Each subsequent notebook will cover one or more of these steps in depth.

In [None]:
# Visual representation of the framework
fig, ax = plt.subplots(figsize=(12, 4))
ax.axis('off')

steps = [
    '1. Clarify\nRequirements',
    '2. Frame as\nML Task',
    '3. Data\nPreparation',
    '4. Model\nDevelopment',
    '5. Evaluation',
    '6. Deployment\n& Serving',
    '7. Monitoring\n& Infra'
]

colors = ['#BBDEFB', '#C8E6C9', '#FFF9C4', '#FFCCBC', '#E1BEE7', '#B2DFDB', '#F8BBD9']

for i, (step, color) in enumerate(zip(steps, colors)):
    x = i * 1.6 + 0.5
    rect = mpatches.FancyBboxPatch((x, 1), 1.4, 2, boxstyle='round,pad=0.05',
                                    facecolor=color, edgecolor='black', linewidth=2)
    ax.add_patch(rect)
    ax.text(x + 0.7, 2, step, ha='center', va='center', fontsize=9, fontweight='bold')
    
    if i < len(steps) - 1:
        ax.annotate('', xy=(x + 1.5, 2), xytext=(x + 1.4, 2),
                   arrowprops=dict(arrowstyle='->', color='black', lw=2))

ax.set_xlim(0, 12)
ax.set_ylim(0, 4)
ax.set_title('ML System Design Framework (Chapter Order)', fontsize=12, fontweight='bold')
plt.tight_layout()
plt.show()

---

## Tradeoffs (Chapter-Aligned)

| Component | Tradeoff | E5 Understanding | E6 Addition |
|-----------|----------|------------------|-------------|
| Data Collection | More data vs. cost/latency | Know that more data improves models | Consider data freshness SLAs, ingestion at petabyte scale |
| Feature Store | Freshness vs. compute | Batch features are cheaper | Real-time features for time-sensitive predictions |
| Serving | Latency vs. accuracy | Simpler models = faster | Model compression, caching strategies at scale |
| Monitoring | Coverage vs. alert fatigue | Track key metrics | Define actionable alerts, avoid noise |
| Configuration | Flexibility vs. complexity | Version models and configs | Gradual rollouts, feature flags for safety |

---

## Meta Interview Signal (Detailed)

### E5 Answer Expectations

- Can draw the full system diagram from memory
- Explains why each component exists (not just what it does)
- Understands the data flow from collection → serving
- Articulates that "ML Code" is small compared to the infrastructure

### E6 Additions

- **Scale**: "At Meta scale with billions of users, the feature store alone handles X QPS..."
- **Failure modes**: "If the feature pipeline is delayed, we fall back to cached features from the last successful run"
- **Iteration velocity**: "We can ship a new model version within hours by decoupling training from serving"
- **Feedback loops**: "User engagement signals flow back into training data, creating a flywheel"

---

## Interview Drills

### Drill 1: Whiteboard the System
Draw the production ML system diagram from memory.
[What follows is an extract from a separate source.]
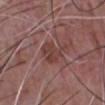acquisition=~15 mm crop, total-body skin-cancer survey; site=the chest; subject=male, about 50 years old; lighting=white-light illumination.

Include all 9 components mentioned in the chapter.

### Drill 2: Component Failure Scenarios
For each component, describe:
- What happens if it fails?
- What's the fallback?
- How do you detect the failure?

### Drill 3: Scale Discussion
Pick the Feed Ranking use case. Walk through each component and explain how it changes at:
- 1M users
- 100M users  
- 1B users

### Drill 4: The "ML Code is Small" Argument
Your interviewer challenges: "If ML code is so small, why do we hire ML engineers?"
Prepare a 2-minute response.

### Drill 5: Framework Steps
Recite the 7 framework steps in order. For each, give a one-sentence summary of its purpose.